Assess the management team
Having the right management team in place is key when attracting a buyer. NEDs should be able to provide an objective assessment of the management team to ensure the correct people are in place to drive the business forward and convince buyers that the business will meet its strategic goals and deliver on the longer term growth. If weaknesses are identified within the management team, directors’ networks often make them well placed to find the right talent to fill any gaps. Also NEDs can advise if a particular functions, such as the finance role, needs to be strengthened to be able to withstand the due diligence rigors of a sale. Frequently it is the NED who will insist on extra or interim resource being recruited to assist management for the length (typically 6 months or more) of the sale exercise. Management teams consistently underestimate the real cost in terms of time demands and stretch on resources this will take.
Find the right advisor
Selecting the right advisor for a sale exercise is absolutely key and an NED can play a critical part in this. The first job is to identify the criteria sought and see if proposed candidates fit the bill. Questions to be raised include experience; genuine overseas reach; clarity over conflicts; appropriate transaction size “sweet spot”; commitment as to personnel on the transaction; fees, and an assessment of how the personal chemistry will work. it is easy to choose the smooth salesman but is he or she really going to be leading the deal and more importantly are they going to be tough enough when the moment comes to fight your corner?

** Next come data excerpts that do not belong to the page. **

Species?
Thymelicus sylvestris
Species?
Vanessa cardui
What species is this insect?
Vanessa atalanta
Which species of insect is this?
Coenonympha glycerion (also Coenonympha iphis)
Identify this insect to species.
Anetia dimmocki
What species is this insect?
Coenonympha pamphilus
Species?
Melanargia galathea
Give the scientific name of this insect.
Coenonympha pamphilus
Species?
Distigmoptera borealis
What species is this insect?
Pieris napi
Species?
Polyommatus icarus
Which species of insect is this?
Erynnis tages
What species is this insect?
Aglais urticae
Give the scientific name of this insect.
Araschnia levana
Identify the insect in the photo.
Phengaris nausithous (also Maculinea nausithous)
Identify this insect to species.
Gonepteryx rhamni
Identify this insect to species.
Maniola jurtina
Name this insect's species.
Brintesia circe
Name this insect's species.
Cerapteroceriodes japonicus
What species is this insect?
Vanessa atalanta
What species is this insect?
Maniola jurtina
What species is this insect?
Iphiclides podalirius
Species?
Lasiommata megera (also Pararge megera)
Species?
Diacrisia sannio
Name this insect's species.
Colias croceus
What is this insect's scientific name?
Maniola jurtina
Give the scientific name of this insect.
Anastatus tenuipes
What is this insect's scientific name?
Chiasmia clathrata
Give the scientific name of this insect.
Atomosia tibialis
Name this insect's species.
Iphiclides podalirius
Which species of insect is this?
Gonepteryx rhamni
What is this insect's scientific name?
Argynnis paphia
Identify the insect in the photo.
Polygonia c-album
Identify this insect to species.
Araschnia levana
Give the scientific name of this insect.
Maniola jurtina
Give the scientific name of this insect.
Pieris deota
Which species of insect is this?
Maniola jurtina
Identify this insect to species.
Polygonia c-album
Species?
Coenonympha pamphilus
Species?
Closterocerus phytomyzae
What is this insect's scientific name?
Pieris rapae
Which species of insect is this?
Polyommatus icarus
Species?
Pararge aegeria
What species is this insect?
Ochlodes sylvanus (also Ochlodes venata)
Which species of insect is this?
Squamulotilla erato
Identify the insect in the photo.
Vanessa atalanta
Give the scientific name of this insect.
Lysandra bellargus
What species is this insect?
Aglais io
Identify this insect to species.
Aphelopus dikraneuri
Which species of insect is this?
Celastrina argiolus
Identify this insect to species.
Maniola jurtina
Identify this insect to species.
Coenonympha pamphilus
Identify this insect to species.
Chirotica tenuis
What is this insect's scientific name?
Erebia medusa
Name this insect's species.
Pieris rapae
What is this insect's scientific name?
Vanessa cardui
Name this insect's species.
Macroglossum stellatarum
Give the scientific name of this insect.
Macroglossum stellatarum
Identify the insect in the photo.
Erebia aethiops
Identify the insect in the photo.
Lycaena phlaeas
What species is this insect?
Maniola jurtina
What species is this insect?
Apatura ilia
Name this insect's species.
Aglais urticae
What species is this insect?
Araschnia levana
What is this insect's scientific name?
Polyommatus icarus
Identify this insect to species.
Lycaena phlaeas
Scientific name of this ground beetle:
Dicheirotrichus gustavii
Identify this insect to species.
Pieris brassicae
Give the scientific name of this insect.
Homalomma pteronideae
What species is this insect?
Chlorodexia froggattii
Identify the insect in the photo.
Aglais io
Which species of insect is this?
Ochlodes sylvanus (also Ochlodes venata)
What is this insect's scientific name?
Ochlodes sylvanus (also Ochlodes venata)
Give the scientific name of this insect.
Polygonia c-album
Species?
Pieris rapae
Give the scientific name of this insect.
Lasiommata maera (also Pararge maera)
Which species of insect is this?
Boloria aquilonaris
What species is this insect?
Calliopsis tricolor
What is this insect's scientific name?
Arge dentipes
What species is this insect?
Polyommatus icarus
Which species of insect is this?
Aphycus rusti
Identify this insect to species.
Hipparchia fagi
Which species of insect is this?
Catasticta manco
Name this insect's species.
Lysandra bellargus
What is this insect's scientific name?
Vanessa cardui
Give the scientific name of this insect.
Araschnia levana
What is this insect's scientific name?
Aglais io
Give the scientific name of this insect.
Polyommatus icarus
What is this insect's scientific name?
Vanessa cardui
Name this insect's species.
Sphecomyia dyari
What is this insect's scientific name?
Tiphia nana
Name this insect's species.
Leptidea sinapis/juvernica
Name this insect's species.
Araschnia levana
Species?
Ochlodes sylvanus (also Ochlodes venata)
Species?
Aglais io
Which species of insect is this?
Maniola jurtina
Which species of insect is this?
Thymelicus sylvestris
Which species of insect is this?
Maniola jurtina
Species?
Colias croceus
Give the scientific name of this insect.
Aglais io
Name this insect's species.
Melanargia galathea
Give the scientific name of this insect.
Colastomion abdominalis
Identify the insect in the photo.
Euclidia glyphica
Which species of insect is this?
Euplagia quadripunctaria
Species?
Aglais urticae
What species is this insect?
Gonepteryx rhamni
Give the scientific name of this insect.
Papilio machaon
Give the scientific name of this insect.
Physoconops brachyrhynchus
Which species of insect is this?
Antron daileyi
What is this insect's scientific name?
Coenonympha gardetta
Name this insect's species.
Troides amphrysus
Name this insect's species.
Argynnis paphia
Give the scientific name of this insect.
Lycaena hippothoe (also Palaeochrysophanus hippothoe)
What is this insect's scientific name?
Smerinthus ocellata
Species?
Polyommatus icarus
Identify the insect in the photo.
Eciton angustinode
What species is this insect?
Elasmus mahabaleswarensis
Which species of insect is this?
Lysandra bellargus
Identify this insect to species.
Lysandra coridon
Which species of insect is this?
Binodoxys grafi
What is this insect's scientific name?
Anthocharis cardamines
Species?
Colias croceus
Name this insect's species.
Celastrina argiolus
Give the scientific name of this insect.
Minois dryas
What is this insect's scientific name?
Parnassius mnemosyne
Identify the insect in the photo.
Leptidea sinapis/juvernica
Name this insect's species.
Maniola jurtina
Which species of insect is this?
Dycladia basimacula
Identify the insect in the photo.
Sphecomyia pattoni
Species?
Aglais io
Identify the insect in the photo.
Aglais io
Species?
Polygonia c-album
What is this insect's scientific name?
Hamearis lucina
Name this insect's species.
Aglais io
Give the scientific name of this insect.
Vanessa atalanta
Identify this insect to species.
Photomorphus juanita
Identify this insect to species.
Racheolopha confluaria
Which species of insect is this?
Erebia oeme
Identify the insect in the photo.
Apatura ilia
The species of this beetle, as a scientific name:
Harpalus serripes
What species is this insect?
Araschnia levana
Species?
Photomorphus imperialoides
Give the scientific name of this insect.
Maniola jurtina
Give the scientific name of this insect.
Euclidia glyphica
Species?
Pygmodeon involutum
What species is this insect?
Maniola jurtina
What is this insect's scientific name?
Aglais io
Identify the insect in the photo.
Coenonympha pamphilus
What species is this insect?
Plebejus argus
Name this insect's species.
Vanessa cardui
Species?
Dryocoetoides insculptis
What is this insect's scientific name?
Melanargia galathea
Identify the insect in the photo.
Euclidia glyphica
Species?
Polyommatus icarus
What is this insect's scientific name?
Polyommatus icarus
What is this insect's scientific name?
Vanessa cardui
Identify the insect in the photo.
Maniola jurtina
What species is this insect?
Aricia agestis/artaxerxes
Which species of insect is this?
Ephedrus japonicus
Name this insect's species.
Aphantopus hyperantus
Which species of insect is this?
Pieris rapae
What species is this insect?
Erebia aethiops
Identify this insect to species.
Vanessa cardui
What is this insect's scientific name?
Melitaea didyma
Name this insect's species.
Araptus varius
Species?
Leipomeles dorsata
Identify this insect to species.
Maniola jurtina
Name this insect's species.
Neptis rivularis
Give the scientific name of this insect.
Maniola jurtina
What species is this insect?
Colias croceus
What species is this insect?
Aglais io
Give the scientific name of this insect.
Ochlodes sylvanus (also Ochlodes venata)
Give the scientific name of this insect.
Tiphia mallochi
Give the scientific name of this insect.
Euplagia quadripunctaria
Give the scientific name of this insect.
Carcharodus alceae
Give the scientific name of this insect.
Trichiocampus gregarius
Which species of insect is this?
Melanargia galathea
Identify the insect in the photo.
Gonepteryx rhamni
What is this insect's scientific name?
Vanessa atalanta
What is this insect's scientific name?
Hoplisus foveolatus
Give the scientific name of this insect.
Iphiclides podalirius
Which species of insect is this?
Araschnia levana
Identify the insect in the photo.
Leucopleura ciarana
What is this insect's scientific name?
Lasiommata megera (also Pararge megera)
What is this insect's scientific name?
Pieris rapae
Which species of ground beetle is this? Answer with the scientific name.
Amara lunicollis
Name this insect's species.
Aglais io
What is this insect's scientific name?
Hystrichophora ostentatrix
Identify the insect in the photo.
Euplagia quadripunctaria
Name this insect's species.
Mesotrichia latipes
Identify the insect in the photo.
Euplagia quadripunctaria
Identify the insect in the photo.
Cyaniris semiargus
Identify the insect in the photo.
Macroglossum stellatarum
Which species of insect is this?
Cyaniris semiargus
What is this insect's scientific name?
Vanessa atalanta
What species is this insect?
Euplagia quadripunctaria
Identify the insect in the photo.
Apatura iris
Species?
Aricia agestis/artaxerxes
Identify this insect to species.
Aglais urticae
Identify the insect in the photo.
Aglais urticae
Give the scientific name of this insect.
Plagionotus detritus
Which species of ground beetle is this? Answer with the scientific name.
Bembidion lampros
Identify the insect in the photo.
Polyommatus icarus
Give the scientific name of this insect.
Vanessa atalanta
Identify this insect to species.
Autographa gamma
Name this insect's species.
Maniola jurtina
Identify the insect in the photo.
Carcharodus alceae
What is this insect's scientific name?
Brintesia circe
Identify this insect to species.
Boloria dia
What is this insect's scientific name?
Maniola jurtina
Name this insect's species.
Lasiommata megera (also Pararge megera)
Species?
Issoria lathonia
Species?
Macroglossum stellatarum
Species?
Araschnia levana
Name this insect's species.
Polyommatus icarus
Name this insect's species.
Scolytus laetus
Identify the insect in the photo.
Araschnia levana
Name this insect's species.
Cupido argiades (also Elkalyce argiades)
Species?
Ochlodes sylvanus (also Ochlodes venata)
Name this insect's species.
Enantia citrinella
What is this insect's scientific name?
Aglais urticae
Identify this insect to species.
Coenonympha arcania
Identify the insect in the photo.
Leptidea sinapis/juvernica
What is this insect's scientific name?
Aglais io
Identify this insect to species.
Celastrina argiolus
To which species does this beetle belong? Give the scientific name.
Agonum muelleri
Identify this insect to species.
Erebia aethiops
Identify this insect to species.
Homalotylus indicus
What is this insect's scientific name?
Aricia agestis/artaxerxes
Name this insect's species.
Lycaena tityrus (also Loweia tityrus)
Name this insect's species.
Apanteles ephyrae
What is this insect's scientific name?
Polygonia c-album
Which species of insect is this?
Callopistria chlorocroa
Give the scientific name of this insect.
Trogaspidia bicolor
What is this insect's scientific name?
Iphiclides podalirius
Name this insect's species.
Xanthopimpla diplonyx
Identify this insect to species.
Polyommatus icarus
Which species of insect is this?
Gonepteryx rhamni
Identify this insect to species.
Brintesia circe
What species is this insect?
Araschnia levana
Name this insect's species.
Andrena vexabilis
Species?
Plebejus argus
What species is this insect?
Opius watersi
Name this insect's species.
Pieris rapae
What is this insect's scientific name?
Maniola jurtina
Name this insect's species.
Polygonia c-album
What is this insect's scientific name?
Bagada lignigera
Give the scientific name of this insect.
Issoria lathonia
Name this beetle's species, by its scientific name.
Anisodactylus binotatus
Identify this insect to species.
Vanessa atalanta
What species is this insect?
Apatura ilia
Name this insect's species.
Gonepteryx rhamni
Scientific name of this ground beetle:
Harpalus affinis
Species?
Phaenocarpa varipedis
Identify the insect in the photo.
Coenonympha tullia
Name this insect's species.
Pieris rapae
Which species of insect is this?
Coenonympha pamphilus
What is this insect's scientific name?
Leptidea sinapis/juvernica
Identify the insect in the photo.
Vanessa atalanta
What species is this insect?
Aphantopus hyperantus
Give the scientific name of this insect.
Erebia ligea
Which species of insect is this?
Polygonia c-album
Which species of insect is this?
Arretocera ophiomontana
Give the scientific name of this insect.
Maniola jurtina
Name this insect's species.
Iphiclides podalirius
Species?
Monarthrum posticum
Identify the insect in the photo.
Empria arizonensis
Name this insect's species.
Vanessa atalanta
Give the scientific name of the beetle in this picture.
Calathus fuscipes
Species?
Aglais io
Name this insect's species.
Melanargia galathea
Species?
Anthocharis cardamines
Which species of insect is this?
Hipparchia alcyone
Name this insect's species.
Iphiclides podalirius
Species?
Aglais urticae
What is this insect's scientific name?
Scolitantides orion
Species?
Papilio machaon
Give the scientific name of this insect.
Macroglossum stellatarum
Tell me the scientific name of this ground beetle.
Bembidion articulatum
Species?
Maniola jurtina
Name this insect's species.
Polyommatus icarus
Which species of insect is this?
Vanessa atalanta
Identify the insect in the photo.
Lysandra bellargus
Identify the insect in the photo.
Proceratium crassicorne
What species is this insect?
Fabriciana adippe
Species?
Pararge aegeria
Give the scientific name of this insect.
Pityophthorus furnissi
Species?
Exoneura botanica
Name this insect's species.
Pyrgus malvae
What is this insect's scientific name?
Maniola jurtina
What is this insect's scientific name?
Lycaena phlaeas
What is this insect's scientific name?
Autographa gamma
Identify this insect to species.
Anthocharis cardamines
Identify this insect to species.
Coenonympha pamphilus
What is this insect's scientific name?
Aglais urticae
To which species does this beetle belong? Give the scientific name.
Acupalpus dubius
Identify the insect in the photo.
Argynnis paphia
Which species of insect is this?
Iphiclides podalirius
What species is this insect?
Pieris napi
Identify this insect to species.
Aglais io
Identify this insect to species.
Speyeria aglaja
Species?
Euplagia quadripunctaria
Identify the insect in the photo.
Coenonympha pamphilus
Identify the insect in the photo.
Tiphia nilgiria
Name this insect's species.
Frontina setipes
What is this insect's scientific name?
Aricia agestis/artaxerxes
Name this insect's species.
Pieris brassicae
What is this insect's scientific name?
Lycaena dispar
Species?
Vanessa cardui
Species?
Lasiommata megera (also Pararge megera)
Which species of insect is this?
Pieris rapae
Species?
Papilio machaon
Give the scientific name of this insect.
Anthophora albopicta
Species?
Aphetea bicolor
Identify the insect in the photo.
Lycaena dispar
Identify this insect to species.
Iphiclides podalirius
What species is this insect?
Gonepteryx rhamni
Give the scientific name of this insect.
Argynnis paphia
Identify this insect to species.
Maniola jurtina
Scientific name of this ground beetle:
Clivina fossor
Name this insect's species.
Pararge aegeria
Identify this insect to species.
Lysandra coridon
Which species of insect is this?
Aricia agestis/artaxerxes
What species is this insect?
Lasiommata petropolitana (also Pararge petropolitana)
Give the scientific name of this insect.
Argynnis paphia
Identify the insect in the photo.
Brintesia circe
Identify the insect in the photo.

Offer long term perspective
Management teams can often be focused on the short term, on meeting quarterly targets and so NEDs can help provide a broader, longer term perspective. They can view the transaction in its wider macro context, looking ahead for any potential industry and economic disruptions on the horizon, which might have the potential to undermine business projections and also cast doubt over a potential buyer’s suitability or whether a buyer will be in a strong enough financial position to complete the deal. Equally investment decisions now have to take in to account the effect on the capital value of the business as opposed to the immediate revenue effect
Provide objectivity
Whereas the management team will be fully immersed in the day to day running of the business and may struggle to maintain objectivity, NEDs will be able to approach the transaction more objectively. There can be delays or tensions in a sales process, disagreements between management teams and the potential buyer and NEDs can help smooth over these differences. The NEDs should be challenging the advisor in respect of the proposed choice of purchasers, the backup lists, and the nature of the approach as well as ensuring full transparency from the advisor which some try and avoid. For example, a full understanding is needed as to why every selected purchaser has decided to reject the opportunity
Advise on process
NEDs with previous M&A experience can give the management team valuable insight into the sales process. They can advise on the pitfalls to look out for, the different approaches buyers can take and give feedback on what to prepare for due diligence. Management teams can often be over ambitious in their projections and NEDs should also use their insight and knowledge to interrogate any sales documentation, question the underlying assumptions and biases of financial reports and forecasts to ensure they are credible and will withstand buyer scrutiny. Most importantly NEDs should be the one party not motivated to push or kill a transaction. Most advisors will have a proportion of their fee on a contingent basis. Others involved with the business will have their own agenda, so NEDs need to be sure they can offer truly independent and unfettered advice as to whether the transaction is right for the owner or if the process should be terminated.
Stand in the buyer’s shoes
During a sale, being able to have some insight into a buyer’s thinking is invaluable. NEDs with buy-side experience will be able to offer this perspective to assist management teams in what can be sensitive discussions and help them to come up with winning negotiating strategies to ensure they secure the best deal possible for the business.
Overall, close engagement throughout the sales process between NEDs advisors and the management team, allows the parties to combine their expertise and experience, ensure that the sale is approached with objectivity and clarity and thereby optimising the value on sale.